The divisions between the conservative parties favor the progressives taking control of eight of the thirteen provincial capitals at stake
Just over two million people were called to the polls, but the second round of municipal elections held in Italy this Sunday was seen as a thermometer of political temperature in the country ahead of the general election to be held in the will take place in the first months of 2023. In a deal with polls marked by strong abstention (42% of voters voted), the Democratic Party (PD), the center-left’s main force, eventually captured eight of the 13 provincial capitals that voted on. At stake, between which lie cities like Verona, Parma, Piacenza, Monza, Alessandria and Catanzaro, some of which were ruled for decades by conservative mayors.
“It is an extraordinary result,” said Enrico Letta, leader of the PD, who believed that the success of these elections supports his idea of going to the polls in alliance with the centrist forces and especially with the 5 Star. Movement (M5E). The second round of the municipal elections came a few days after the implosion of this party with a cross-cutting ideology resulting from the split led by the Minister of Foreign Affairs, Luigi Di Maio, after weeks of battles with the chairman of the party, Giuseppe Conte, due to the shipment of weapons to Ukraine, among other points of friction.
According to a poll published this Sunday by the newspaper ‘Il Sole 24 Ore’, the M5E led by Conte would retain 6.9% of the vote after the split with Di Maio. If the polls confirm this prediction, it would be an unprecedented debacle in Italy as the ‘anti-castes’ won the last general election, held in 2018, taking 32% of the vote. Di Maio, who now heads a parliamentary group made up of 60 senators and deputies, would instead get 4.7% of the vote if he chose to run in the next election with his new political creature, which he ‘Together for the future’.
The municipal elections also leave a lesson for the right-wing parties. Antonio Tajani, former President of the European Parliament and ‘number two’ of Forza Italia, Silvio Berlusconi’s political force, made it clear. “Where we are united, we win.
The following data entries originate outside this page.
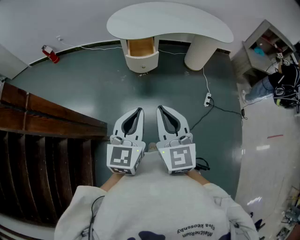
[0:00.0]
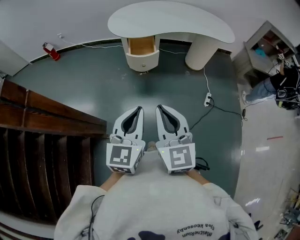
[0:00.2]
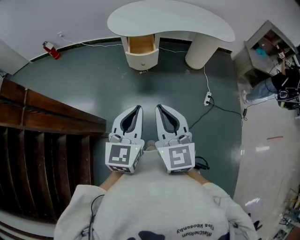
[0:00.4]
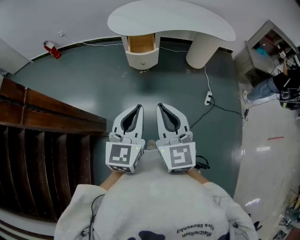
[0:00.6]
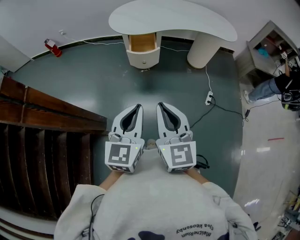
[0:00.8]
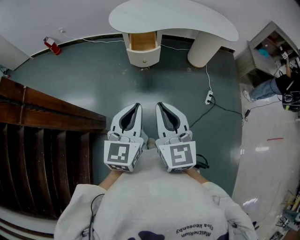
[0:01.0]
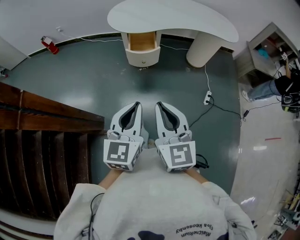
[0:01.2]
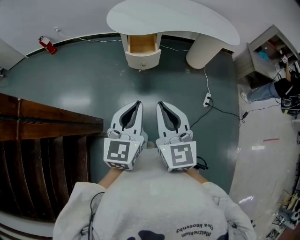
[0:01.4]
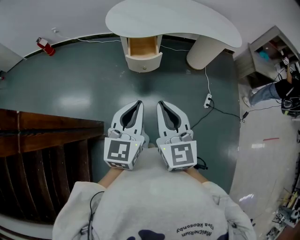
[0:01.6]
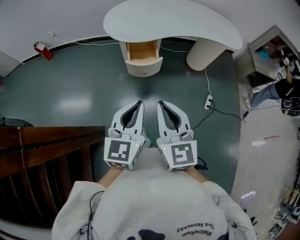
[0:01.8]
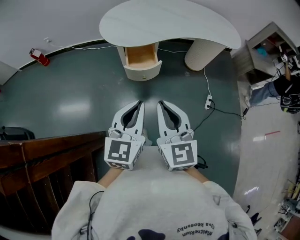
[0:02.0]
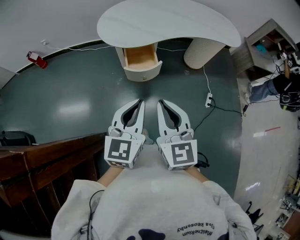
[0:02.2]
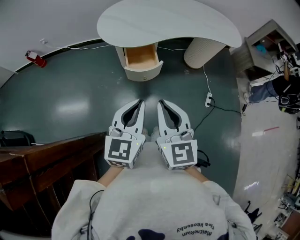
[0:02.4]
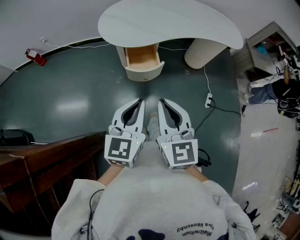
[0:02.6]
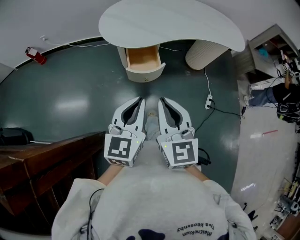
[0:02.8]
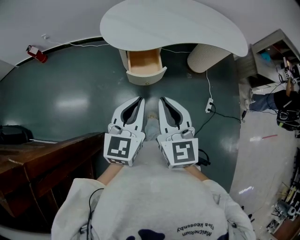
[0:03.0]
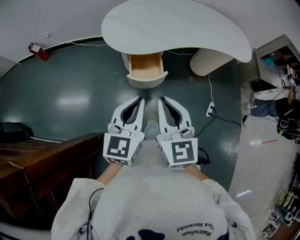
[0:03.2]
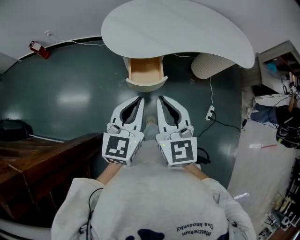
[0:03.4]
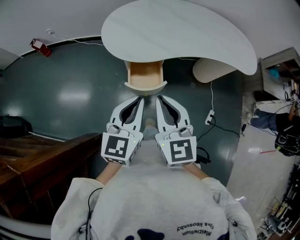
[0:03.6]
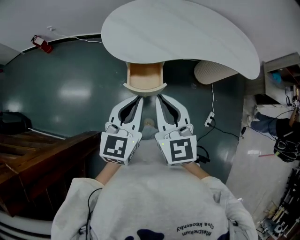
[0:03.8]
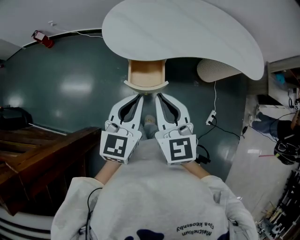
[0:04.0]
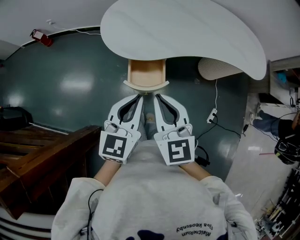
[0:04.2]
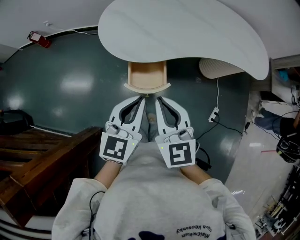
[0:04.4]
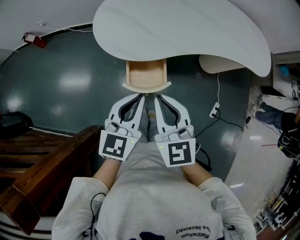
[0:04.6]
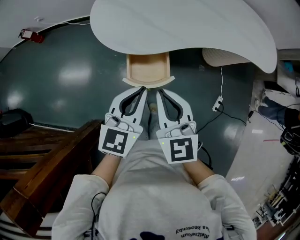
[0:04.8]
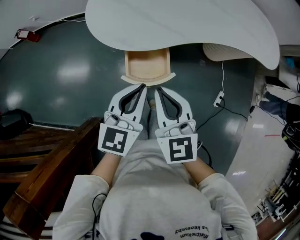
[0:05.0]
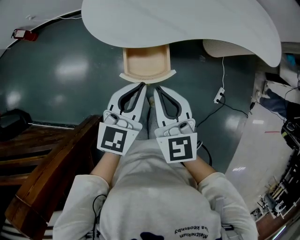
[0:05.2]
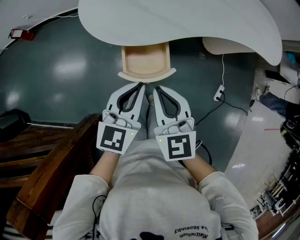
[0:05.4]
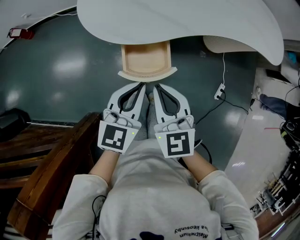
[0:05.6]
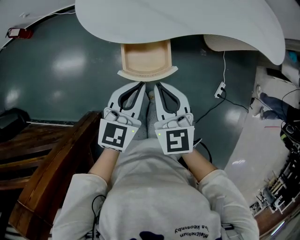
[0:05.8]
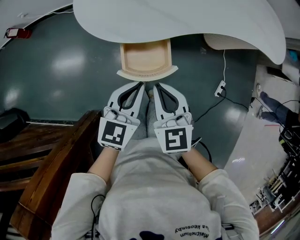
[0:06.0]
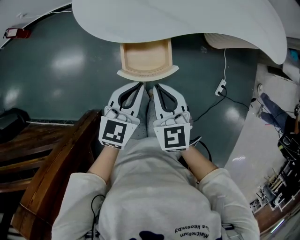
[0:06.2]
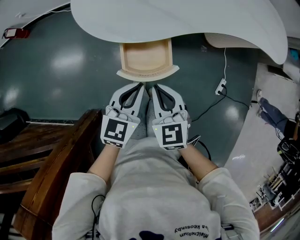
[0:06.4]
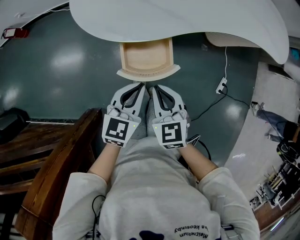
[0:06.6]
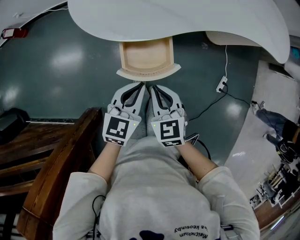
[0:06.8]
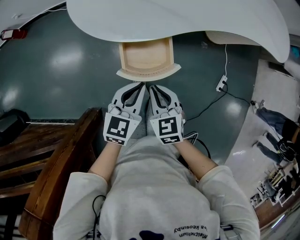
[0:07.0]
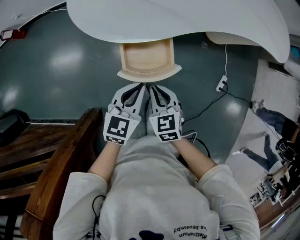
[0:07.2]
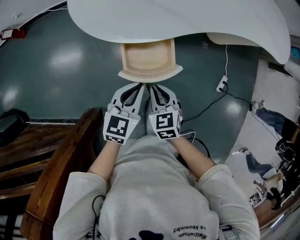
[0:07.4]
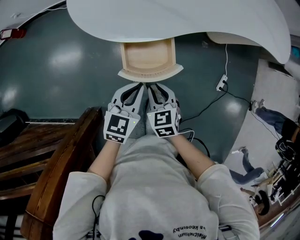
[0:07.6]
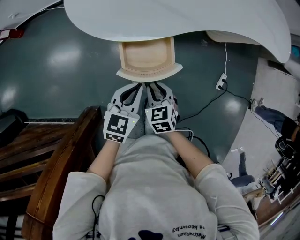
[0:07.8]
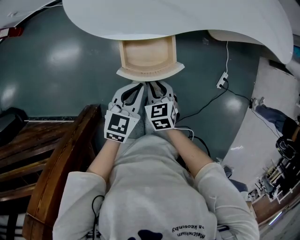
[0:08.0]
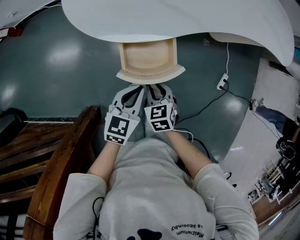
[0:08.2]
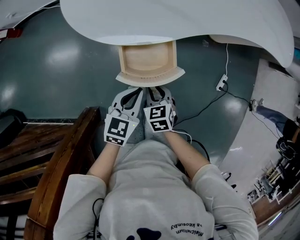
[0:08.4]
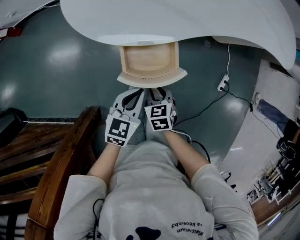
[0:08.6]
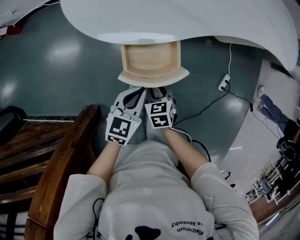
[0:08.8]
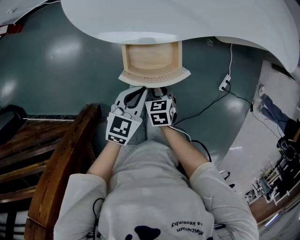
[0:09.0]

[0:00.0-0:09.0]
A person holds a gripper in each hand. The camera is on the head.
0:00.0 to 0:01.6: Both grippers travel together forward, approximately 10 cm.
0:01.6 to 0:03.0: Both grippers move forward, approximately 15 cm.
0:03.0 to 0:04.4: Both grippers travel together forward, approximately 15 cm.
0:04.4 to 0:06.0: Both grippers move downward, some 15 cm.
0:06.0 to 0:07.6: The left gripper heads downward, covering roughly 10 cm. Meanwhile the right gripper goes roughly 15 cm downward, and swivels approximately 20 degrees.
0:07.6 to 0:09.0: The left gripper shifts approximately 5 cm downward. The right gripper travels downward by about 10 cm.

Where we’re not, we eventually lose it,” said Tajani, citing the most obvious example of what happened in Verona, a city considered sociologically conservative where the center-right had controlled the city council for 15 years.
Mayor is now former football player Damiano Tommasi – former player of Roma and Levante, among others -, who surprisingly managed to get the most votes in the first round two weeks ago and who took advantage of the split in the last inning this Sunday. of the conservative vote between two different candidates. “We made a very serious mistake in Verona,” said Tajani, recognizing that it is difficult in this city to pick a single candidate from the three center-right parties: Brothers of Italy, the formation led by Giorgia Meloni, Matteo Salvini’s League and Forza Italy. In the first round, on the other hand, they managed to take over important regional capitals such as Genoa, Palermo and L’Aquila thanks to the fact that they presented themselves together. After Meloni overtakes Salvini as the preferred option for conservative voters, this bloc must find a new balance if it is to consolidate the success of next year’s general polls.